Fig 3. Physiological key parameters (P_F/P_O, a*_phy) of Chaetoceros sp. and Phaeocystis antarctica.

Mean values (± standard deviation) of physiological parameters measured in Chaetoceros sp. and Phaeocystis antarctica (strains 109 and 764) grown under different combinations of temperature (-1, 1, 4°C) and salinity of the growth medium (20, 35, 50, PSU; white, light grey, dark grey, respectively): a) Ratio maximum fluorescence-/maximum oxygen-based photosynthetic rate (P_F/P_O, n = 4–11), b) Chlorophyll-specific absorption coefficient (a*_phy, [cm² (mg Chla)^-1], n = 3). ‘n’ depicts the number of biological replicates.

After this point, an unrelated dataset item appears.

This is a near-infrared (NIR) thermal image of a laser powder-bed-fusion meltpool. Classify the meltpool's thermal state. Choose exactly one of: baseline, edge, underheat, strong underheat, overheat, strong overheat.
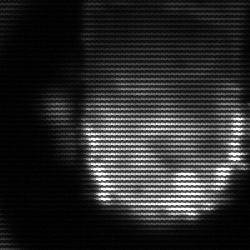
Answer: baseline

The same column colours with respect to medium salinity were applied for all subfigures.

Fig 4. Ratio gross photosynthesis to respiration and calculated net primary production (NPP) for different seasonal conditions.

The ratio P/R and NPP were derived from mean values (± standard deviation) measured in Chaetoceros sp. (C. sp., filled triangles), Phaeocystis antarctica (P.a., strains 764, open circles, and 109, filled circles) grown under experimental conditions that represent specific seasonal in situ-conditions: a) Spring, b) Summer, c) Autumn, d) Winter (see text for details). NPP (μmol O₂ [mg Chla]^-1 d^-1) was calculated from fitted gross oxygen production rates (GP) minus measured respiratory losses considering the light conditions under seasonal conditions. The asterisks represent significant differences between the species (* p < 0.05, ** p < 0.01, *** p < 0.001).

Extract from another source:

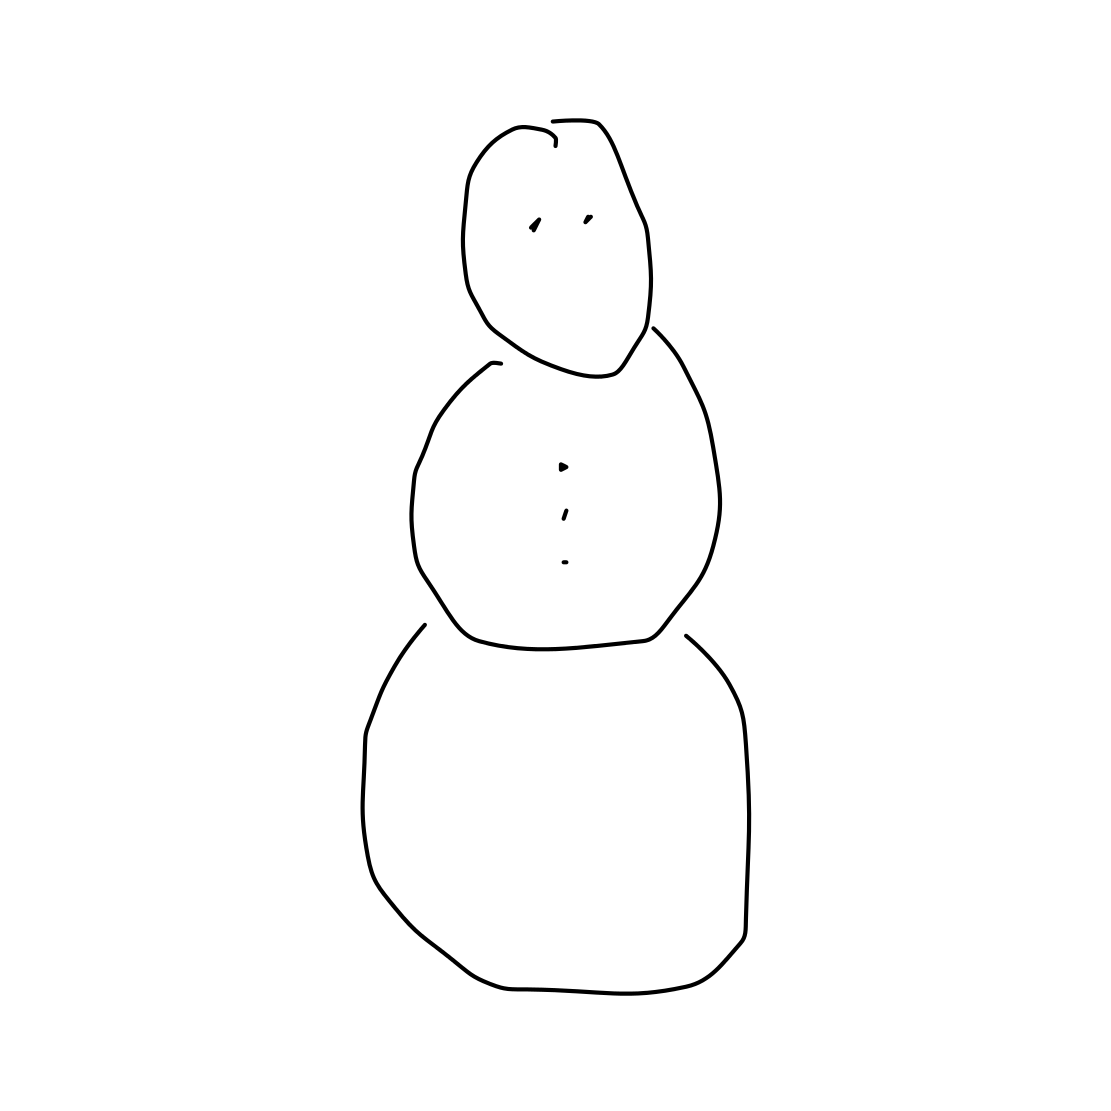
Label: snowman

Fig 5. Relationship between calculated net primary production (NPP) and GP_max and between NPP and rGP/R.

NPP (μmol O₂ [mg Chla]^-1 d^-1) was calculated from fitted gross oxygen production (GP) minus measured respiratory losses in Chaetoceros sp. (C. sp.), Phaeocystis antarctica (P.a., strains 764 and 109). Estimation of NPP is based on mean values of fitted Photosynthesis-Irradiance curves for different experimental conditions that represent specific seasonal in situ-conditions (see text for details). The calculated NPP values were plotted against the respective mean values of maximum gross photosynthesis (GP_max) and against rGP/R, respectively. The correlation was calculated using Spearman rank correlation (correlation coefficient r_s). In a), the correlation between NPP and GP_max data was calculated separately for ‘Spring’, ‘Summer’, and ‘Autumn’ (filled squares) and for the ‘Winter’ condition (open squares).